Do you find that your savings and investment strategy does not seem to work? Are you still in debt despite commendable efforts? It may be time to get advice. Your financial institution can help you see things more clearly. For advice on the different aspects of financial planning, a financial planner can help you For budgetary reasons, the Cooperative Associations of Home Economics (ACEF) have offices in several regions of Quebec. See the 2013 Personal Finance Guide for the Protect Yourself collection.

13 Ask questions!
Feel free to ask any questions that come to your mind about your investments, RRSPs and personal finances. When you want to put things in order, it’s best to put everything on the table and have a clear plan that will help you grow.

14 Beware of quick fixes!
You have heard of financial scandals and you are wary now of the miraculous returns you are offered? This is an attitude that will serve you and protect your achievements. The Autorité des marchés financiers has produced a personal guide that will help you make informed choices. It is available on their website:
15 Think RRSP.
Even though RRSP season is mainly at the beginning of the year, you can also contribute to the plan throughout the year. And why not proceed by systematic withdrawals?

16 Simulate!
While retirement is still a long way off, doing simulations and setting clear goals will help you make informed decisions. A financial planner has the computer tools to make such projections. Retirement issue has also developed a calculator, My plan, I do it now! , to help you calculate how much you need to save per year. You can also consult the Retraite Québec website. SimulRetraite is an interactive tool that allows you to know the sources of income in retirement and make simulations. Your data is kept for 18 months.

17 Put your house in order!
If you can not find your bank statements and your bills pile up, take the time to clean up your documents. Simple question of organization and ranking, you will see more clearly. You do not need a big metal binder or an archive management course to get the upper hand. You can use the same categories as your budget.

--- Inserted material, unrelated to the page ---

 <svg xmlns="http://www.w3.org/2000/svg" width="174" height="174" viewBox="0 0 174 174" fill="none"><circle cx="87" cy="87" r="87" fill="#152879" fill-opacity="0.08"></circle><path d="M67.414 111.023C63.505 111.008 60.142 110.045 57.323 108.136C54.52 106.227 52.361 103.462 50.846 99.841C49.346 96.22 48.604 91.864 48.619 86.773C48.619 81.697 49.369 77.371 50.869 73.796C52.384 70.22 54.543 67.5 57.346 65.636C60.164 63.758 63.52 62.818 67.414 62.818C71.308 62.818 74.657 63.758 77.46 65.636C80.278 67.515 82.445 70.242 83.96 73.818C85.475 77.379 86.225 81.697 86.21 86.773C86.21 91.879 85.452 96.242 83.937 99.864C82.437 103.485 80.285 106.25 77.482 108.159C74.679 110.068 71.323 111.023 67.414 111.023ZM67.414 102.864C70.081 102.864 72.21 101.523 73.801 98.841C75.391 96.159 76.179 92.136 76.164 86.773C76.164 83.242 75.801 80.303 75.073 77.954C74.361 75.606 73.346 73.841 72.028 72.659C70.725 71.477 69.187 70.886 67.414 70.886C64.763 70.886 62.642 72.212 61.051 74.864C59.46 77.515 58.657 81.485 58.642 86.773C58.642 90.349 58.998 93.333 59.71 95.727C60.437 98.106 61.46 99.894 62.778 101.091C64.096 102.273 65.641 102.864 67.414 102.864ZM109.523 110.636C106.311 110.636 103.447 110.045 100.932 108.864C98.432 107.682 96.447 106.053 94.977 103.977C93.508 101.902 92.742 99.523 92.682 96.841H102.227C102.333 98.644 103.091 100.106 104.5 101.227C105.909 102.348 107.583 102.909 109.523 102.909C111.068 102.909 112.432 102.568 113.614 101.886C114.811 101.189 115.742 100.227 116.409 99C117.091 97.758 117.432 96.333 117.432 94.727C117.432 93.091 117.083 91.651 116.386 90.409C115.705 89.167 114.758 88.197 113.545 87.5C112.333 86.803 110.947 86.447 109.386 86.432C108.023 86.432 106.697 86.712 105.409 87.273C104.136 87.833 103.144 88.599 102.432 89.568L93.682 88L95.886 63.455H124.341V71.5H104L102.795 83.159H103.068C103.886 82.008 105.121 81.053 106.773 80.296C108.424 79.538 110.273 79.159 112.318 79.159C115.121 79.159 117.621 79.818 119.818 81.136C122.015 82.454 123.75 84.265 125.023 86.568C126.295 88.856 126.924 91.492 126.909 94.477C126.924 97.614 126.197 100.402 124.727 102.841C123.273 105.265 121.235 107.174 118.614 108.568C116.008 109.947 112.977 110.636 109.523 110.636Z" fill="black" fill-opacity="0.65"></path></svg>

18 Talk about it with your family!
If your family situation changes or you experience changes in your work, explain to your children what is happening. Since your budget may be modified by these changes, it will probably require adjustments that will affect the entire family. Everyone will be able to participate in his measurement.

19 Stay tuned!
Sometimes the best schedules do not work. Several factors can influence the success of our projects. Take the time to stop and take stock to stay the course.

20 Reward yourself!F
Plan, analyze, budget, save … All this should not become an obsession. To reward you, treat yourself to some treats. After all, your goal is to achieve some financial freedom.